Start of Block

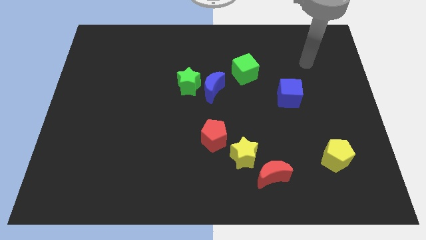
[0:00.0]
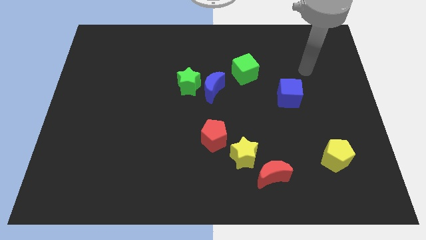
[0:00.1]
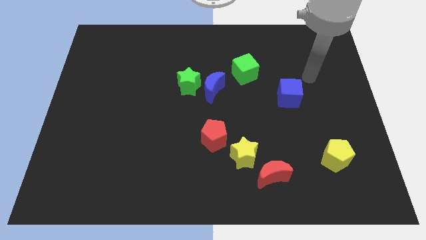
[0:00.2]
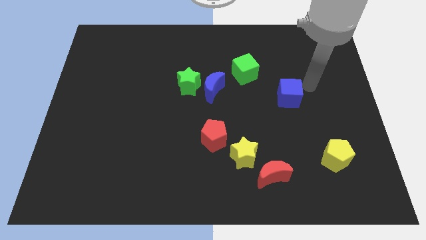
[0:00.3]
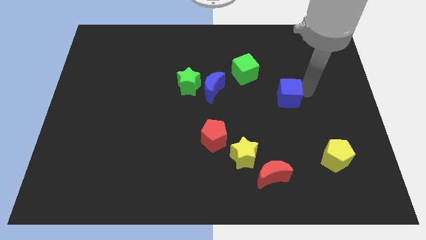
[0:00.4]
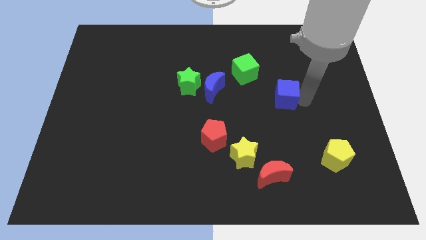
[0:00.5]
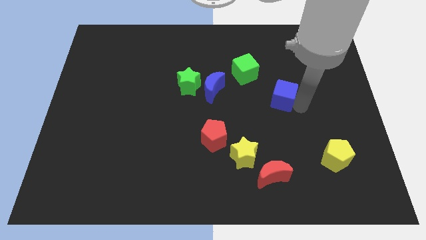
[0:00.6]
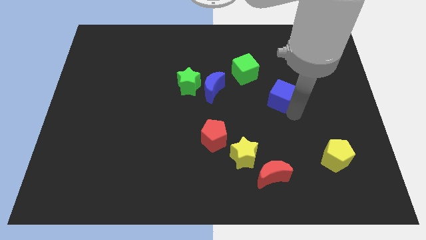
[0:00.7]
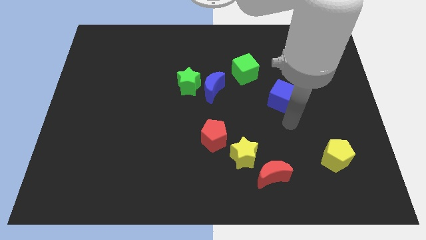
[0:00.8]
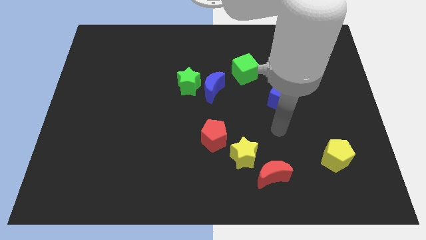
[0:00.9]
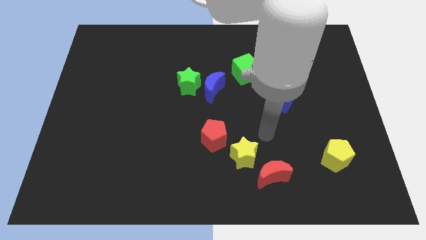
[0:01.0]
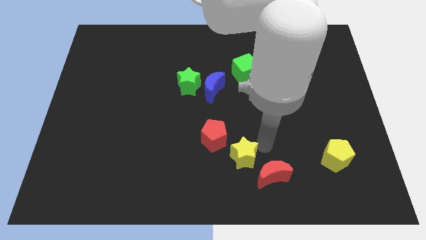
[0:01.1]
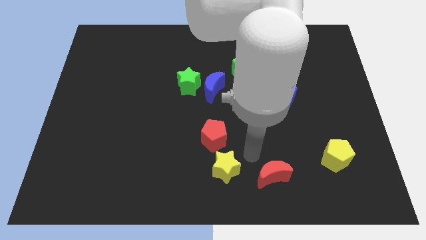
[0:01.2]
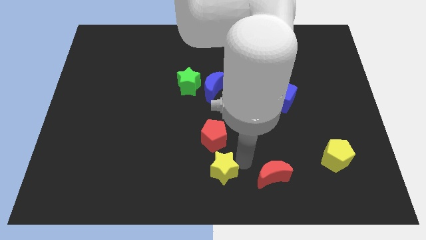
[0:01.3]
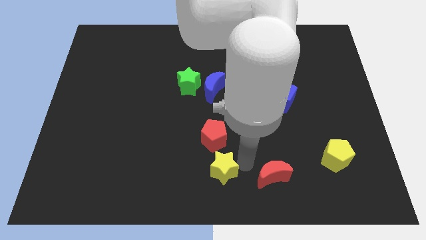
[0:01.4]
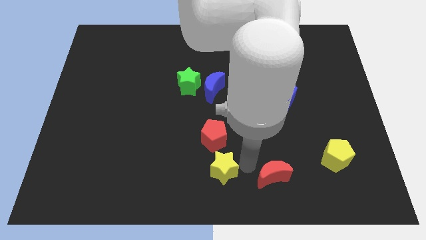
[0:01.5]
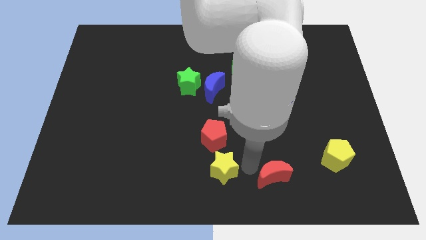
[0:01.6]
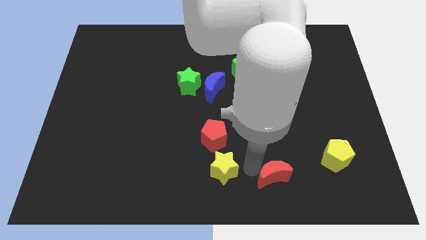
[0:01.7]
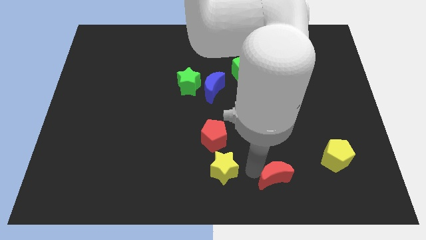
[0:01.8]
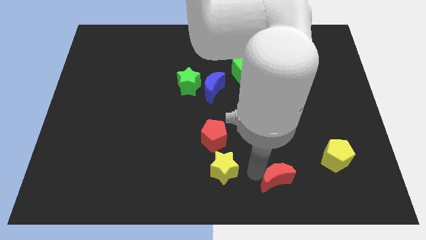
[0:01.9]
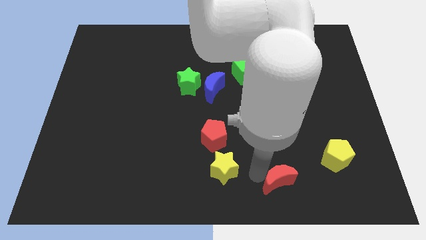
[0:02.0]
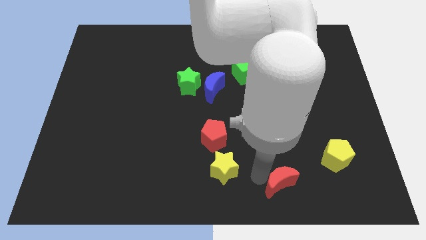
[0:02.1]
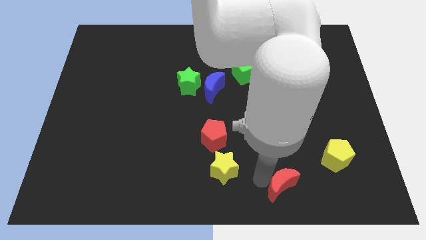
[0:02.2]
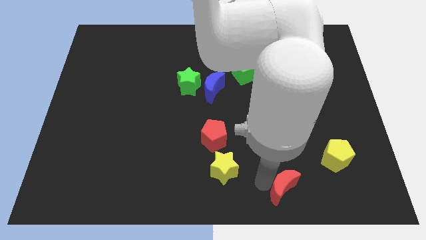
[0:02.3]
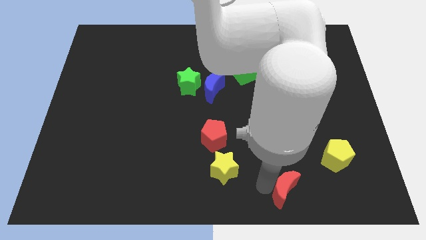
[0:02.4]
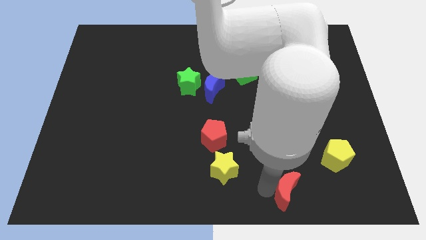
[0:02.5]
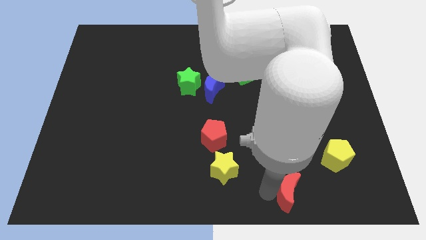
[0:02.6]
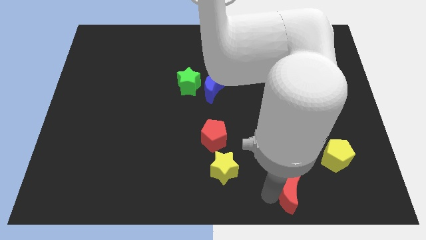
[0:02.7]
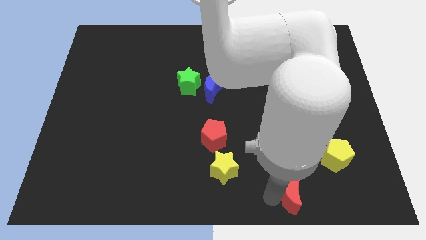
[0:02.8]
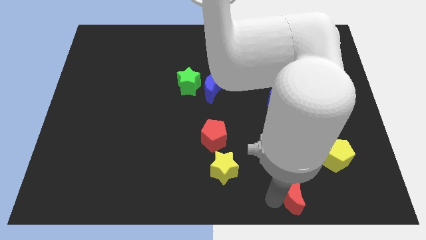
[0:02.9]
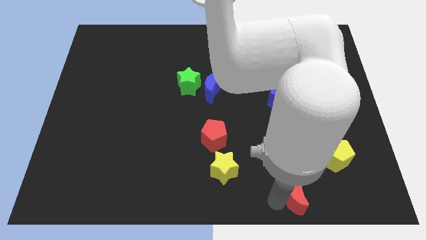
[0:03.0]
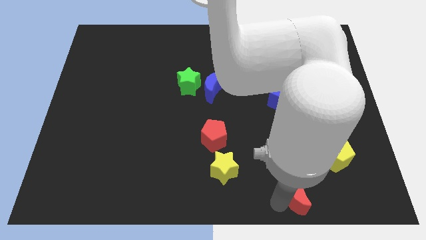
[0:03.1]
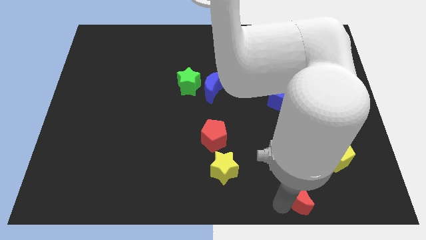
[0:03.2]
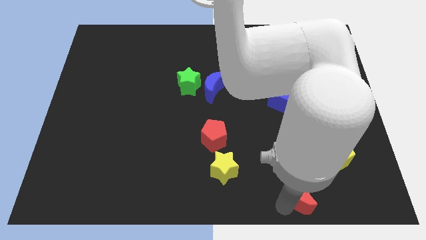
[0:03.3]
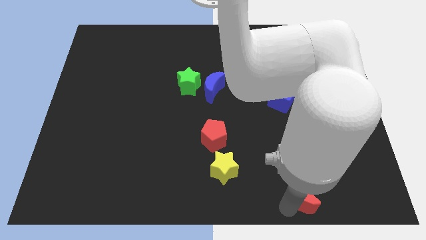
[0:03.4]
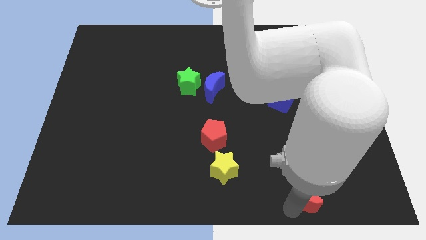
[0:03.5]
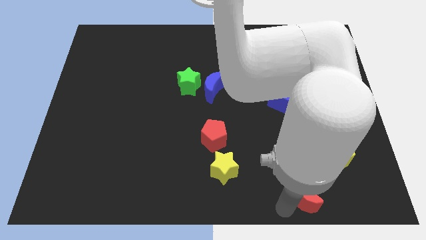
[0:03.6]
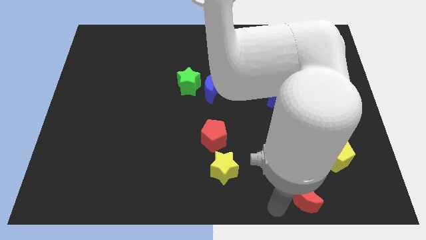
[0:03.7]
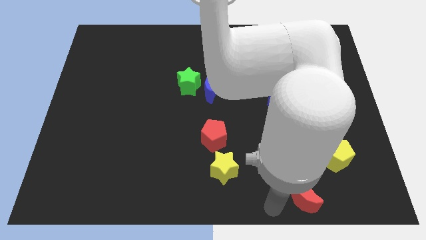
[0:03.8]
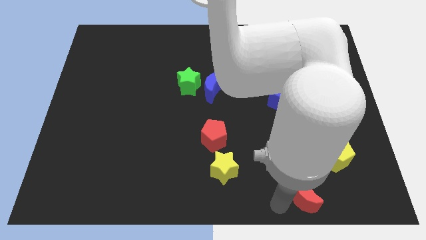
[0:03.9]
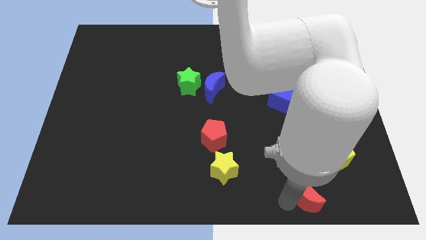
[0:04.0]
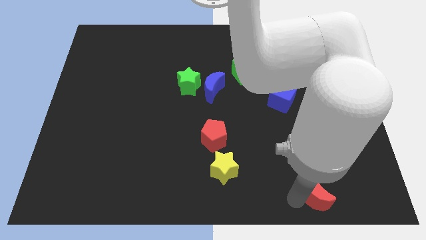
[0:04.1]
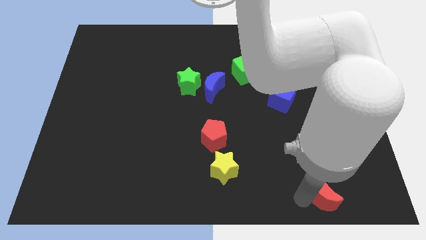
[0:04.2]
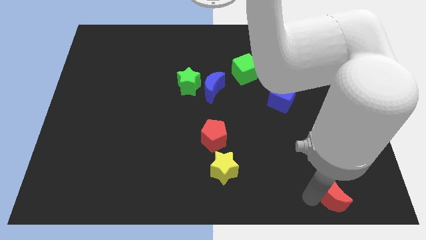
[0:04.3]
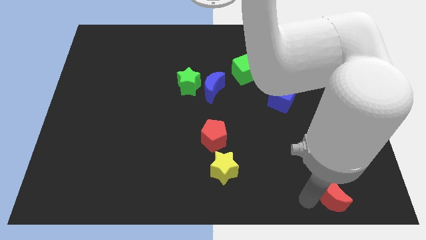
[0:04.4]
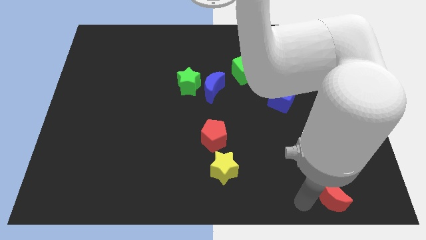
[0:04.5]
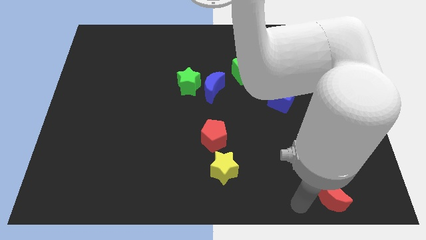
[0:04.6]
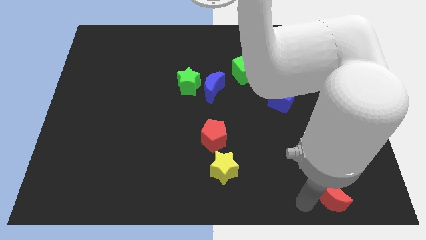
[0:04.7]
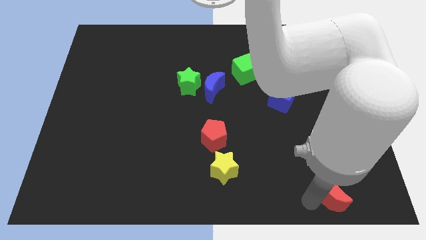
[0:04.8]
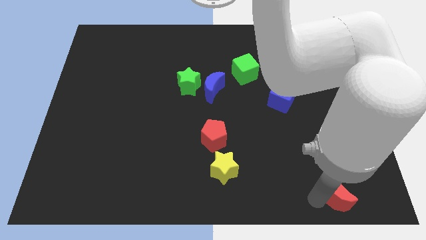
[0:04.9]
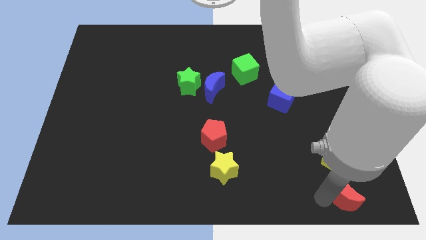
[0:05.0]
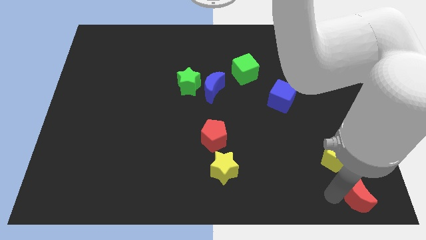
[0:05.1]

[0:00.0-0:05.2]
move the red moon to the bottom right of the board

End of Block

* WHAT NEEDS TO BE DONE *
The expected answer is the whole listing above, copied exactly, with images excluded.

* RESPONSE FOR THIS EXERCISE *
[0:00.0]
[0:00.1]
[0:00.2]
[0:00.3]
[0:00.4]
[0:00.5]
[0:00.6]
[0:00.7]
[0:00.8]
[0:00.9]
[0:01.0]
[0:01.1]
[0:01.2]
[0:01.3]
[0:01.4]
[0:01.5]
[0:01.6]
[0:01.7]
[0:01.8]
[0:01.9]
[0:02.0]
[0:02.1]
[0:02.2]
[0:02.3]
[0:02.4]
[0:02.5]
[0:02.6]
[0:02.7]
[0:02.8]
[0:02.9]
[0:03.0]
[0:03.1]
[0:03.2]
[0:03.3]
[0:03.4]
[0:03.5]
[0:03.6]
[0:03.7]
[0:03.8]
[0:03.9]
[0:04.0]
[0:04.1]
[0:04.2]
[0:04.3]
[0:04.4]
[0:04.5]
[0:04.6]
[0:04.7]
[0:04.8]
[0:04.9]
[0:05.0]
[0:05.1]

[0:00.0-0:05.2]
move the red moon to the bottom right of the board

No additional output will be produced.